See also, Scott v. Board of Com'rs, 170 N.C. 327, 87 S.E. 104; and Staton v. Atlantic Coast Line R. Co., 147 N.C. 428, 61 S.E. 455, 17 L.R.A.,N.S., 949.

It is public policy not to interfere with the construction of works of great public benefit, where the defendant is amply able to respond in damages, and no irreparable injury will accrue to plaintiff, if the injunction is refused.

E. L. Faulconer, a former President and General Manager of the Atlantic and Yadkin Railway Company, and now an assistant Vice-President of the plaintiff, and since December 1919 an employee of both railway companies, testified before Judge Olive: "The criss-cross plan was not, to my knowledge, a part of the Babcock Plan. Well, in a way, what the Southern Railway is objecting to in this is not the putting of the streets there, but the way these are being put there. The engineering is one objection."

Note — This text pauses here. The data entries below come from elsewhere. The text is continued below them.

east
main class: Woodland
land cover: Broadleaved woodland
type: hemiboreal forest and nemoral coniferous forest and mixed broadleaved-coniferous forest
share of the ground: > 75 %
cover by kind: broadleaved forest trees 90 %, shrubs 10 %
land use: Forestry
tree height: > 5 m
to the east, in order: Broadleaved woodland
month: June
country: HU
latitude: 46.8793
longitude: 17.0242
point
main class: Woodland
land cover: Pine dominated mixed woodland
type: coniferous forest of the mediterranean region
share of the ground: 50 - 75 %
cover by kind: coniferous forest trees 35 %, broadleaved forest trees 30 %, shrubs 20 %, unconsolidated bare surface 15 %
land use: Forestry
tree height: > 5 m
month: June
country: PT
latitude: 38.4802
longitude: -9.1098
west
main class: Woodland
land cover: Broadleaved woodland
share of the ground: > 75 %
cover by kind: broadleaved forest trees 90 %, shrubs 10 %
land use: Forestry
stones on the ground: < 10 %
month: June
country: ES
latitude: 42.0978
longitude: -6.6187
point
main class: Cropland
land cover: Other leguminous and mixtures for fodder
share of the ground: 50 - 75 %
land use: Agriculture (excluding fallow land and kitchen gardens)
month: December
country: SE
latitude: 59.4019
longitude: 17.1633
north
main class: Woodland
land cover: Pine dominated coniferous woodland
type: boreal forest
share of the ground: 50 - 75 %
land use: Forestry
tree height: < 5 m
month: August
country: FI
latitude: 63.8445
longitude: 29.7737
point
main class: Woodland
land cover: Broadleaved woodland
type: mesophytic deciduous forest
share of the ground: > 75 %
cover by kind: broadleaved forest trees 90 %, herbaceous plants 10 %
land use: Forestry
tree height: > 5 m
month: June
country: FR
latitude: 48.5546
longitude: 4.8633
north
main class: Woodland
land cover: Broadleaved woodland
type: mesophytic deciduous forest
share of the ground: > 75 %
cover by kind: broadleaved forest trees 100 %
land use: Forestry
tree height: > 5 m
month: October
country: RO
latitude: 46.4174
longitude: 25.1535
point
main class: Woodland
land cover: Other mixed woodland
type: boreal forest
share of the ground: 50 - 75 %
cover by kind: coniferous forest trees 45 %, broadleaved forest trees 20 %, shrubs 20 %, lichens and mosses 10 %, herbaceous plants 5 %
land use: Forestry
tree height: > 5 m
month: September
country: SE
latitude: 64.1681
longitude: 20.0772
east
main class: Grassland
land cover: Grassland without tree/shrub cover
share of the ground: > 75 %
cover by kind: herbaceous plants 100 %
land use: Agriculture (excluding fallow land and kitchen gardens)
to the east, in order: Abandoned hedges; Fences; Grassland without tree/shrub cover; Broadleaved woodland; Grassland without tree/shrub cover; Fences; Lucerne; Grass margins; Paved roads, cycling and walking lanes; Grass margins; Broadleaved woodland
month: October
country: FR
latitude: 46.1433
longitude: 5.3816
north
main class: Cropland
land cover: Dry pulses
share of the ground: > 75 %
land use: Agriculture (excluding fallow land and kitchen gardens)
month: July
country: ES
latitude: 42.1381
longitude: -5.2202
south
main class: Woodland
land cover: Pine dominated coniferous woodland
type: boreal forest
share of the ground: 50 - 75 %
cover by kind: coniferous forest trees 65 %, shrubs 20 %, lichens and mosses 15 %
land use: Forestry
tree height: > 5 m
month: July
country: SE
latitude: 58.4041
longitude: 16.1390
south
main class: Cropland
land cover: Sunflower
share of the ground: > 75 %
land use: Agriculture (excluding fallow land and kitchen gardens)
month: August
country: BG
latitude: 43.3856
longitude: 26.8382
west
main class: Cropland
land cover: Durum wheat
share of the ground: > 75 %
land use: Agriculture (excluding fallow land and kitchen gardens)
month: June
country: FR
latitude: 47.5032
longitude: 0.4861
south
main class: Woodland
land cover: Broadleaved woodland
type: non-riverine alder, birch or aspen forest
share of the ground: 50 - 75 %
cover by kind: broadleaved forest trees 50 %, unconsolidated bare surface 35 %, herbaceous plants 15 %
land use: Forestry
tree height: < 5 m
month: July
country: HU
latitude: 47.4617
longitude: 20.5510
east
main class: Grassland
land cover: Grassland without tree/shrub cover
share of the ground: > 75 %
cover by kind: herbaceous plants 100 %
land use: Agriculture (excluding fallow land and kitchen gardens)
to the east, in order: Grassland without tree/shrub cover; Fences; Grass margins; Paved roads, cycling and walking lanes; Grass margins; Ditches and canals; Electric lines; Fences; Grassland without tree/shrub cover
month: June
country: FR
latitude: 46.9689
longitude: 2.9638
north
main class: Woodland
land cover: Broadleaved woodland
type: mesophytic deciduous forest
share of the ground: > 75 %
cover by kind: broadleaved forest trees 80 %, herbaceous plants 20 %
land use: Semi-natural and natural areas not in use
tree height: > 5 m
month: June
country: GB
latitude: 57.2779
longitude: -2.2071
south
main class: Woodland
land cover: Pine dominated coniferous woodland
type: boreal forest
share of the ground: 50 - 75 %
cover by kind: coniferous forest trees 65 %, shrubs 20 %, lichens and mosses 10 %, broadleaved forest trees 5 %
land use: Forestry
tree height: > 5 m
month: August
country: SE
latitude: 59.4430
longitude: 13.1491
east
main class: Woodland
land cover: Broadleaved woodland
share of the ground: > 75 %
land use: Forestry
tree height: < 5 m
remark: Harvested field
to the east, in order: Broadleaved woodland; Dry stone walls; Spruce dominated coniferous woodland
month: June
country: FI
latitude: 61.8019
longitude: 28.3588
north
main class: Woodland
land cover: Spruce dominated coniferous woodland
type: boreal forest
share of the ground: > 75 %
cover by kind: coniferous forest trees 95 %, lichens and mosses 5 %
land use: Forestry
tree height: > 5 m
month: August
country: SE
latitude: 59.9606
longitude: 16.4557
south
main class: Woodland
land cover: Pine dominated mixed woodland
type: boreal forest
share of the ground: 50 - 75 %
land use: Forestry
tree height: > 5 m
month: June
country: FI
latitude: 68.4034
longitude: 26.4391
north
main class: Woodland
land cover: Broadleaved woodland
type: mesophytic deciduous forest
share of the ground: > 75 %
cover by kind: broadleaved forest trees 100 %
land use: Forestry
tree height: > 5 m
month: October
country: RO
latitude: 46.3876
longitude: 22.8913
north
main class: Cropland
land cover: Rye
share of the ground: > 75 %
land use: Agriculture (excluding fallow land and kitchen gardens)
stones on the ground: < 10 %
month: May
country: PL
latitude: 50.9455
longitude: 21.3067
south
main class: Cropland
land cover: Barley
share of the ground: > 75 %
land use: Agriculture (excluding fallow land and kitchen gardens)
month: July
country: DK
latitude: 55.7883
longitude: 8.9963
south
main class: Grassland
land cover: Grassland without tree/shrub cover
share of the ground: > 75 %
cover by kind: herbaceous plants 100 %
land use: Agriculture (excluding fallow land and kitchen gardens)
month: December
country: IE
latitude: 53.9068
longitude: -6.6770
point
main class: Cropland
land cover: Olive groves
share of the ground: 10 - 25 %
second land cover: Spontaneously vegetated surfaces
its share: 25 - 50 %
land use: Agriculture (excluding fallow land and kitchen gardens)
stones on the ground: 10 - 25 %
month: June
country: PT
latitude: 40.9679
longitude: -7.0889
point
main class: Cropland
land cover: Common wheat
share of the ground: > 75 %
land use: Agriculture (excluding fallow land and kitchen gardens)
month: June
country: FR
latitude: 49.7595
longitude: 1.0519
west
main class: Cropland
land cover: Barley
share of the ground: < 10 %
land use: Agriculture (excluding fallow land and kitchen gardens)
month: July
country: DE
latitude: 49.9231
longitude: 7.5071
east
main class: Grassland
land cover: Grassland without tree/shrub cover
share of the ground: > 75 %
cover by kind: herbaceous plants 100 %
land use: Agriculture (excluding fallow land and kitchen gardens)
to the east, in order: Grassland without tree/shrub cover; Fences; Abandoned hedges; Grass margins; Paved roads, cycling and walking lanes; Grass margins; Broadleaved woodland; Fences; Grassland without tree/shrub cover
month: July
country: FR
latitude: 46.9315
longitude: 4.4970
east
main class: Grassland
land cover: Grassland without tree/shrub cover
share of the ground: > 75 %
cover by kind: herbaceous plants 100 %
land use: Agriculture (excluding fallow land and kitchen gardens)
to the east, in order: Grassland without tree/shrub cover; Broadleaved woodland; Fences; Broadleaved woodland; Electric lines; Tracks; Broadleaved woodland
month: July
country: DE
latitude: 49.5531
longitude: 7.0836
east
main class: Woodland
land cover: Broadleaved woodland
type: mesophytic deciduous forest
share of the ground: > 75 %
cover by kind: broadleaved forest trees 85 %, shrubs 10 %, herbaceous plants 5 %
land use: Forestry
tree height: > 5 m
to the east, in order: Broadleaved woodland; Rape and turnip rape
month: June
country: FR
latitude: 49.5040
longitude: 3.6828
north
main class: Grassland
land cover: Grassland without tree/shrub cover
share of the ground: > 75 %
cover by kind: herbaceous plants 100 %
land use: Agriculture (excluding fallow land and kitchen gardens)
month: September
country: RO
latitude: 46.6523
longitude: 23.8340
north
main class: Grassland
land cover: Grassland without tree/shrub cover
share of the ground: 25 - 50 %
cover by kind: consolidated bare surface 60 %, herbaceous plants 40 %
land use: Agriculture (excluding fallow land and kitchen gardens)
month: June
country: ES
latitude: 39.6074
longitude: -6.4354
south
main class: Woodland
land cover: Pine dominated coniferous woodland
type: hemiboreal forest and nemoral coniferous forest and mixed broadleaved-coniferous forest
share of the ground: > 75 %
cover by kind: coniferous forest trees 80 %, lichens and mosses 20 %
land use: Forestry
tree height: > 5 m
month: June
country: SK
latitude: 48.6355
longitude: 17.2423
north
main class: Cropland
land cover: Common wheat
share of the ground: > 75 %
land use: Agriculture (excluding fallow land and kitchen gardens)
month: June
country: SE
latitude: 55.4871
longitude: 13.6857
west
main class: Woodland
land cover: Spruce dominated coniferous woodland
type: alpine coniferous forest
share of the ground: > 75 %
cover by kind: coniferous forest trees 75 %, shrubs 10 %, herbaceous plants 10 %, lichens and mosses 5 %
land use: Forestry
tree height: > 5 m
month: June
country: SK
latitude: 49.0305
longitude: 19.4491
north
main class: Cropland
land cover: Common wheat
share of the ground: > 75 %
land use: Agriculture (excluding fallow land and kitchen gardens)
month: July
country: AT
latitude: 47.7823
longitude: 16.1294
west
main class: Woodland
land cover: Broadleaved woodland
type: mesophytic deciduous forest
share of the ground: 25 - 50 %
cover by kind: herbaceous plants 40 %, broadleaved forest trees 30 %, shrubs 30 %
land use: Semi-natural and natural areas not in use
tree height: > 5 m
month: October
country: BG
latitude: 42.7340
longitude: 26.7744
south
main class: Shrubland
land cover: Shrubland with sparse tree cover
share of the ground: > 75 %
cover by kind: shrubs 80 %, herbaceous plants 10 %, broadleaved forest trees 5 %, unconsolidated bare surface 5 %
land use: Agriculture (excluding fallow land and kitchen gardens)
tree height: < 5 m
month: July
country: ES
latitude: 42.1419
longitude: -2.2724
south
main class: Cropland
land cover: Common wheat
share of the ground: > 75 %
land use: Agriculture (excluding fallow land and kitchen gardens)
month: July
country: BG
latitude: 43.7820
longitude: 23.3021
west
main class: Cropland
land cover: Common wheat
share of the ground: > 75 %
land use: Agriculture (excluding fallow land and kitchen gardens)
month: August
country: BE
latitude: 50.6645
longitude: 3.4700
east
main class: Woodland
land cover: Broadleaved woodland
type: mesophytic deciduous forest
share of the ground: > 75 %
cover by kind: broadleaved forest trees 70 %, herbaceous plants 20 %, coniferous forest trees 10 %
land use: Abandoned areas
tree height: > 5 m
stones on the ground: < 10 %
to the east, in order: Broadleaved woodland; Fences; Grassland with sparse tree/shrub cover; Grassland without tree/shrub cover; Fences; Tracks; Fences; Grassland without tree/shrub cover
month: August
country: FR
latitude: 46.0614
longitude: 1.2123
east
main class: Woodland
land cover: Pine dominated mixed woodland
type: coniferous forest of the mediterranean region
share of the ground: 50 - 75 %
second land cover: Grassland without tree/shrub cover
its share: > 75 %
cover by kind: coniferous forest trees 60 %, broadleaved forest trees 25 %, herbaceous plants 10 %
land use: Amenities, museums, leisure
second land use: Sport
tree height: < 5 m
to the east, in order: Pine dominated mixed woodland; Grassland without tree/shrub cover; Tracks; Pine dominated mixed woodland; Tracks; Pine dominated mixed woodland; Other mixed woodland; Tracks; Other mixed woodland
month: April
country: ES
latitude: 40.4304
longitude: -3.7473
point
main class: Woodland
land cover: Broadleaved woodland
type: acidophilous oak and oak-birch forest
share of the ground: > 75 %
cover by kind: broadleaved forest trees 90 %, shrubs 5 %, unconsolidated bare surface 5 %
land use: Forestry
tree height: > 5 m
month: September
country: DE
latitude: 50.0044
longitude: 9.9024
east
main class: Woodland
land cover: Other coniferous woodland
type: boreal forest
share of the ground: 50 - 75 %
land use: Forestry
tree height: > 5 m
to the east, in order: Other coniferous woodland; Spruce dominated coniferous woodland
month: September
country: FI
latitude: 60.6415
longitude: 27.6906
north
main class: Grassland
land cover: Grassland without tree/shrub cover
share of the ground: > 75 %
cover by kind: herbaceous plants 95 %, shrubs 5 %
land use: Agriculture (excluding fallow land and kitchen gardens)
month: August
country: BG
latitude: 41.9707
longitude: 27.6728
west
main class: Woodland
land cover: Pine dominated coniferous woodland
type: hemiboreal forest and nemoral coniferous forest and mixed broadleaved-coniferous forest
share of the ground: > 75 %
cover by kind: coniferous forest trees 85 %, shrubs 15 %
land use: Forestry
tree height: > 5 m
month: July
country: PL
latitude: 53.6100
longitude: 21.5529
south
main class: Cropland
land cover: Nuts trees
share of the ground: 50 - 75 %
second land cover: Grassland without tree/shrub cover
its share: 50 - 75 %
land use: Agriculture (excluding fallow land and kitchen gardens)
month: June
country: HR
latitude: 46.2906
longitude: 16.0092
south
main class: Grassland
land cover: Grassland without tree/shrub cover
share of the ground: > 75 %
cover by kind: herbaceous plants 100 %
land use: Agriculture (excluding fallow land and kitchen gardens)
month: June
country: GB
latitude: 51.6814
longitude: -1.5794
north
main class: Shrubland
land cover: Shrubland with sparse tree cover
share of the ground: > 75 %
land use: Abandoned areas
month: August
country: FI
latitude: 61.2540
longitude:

The city of Greensboro is a municipal corporation, and able to respond in damages, if any should be awarded. If the plaintiff should prevail at the trial on the merits of the controversy, it has an adequate remedy at law to recover adequate compensation for any loss it may sustain by any acts of the city of Greensboro, and the court can enter such judgment as to justice appertains and the rights of the plaintiff may require in accordance with law.

Judge Olive found in an order 16 October 1957 that "plaintiff will not sustain any damage by the carrying on of the construction work originally restrained by the temporary restraining order."

I vote to affirm Judge Olive's order dissolving the temporary restraining order before issued by Judge Preyer.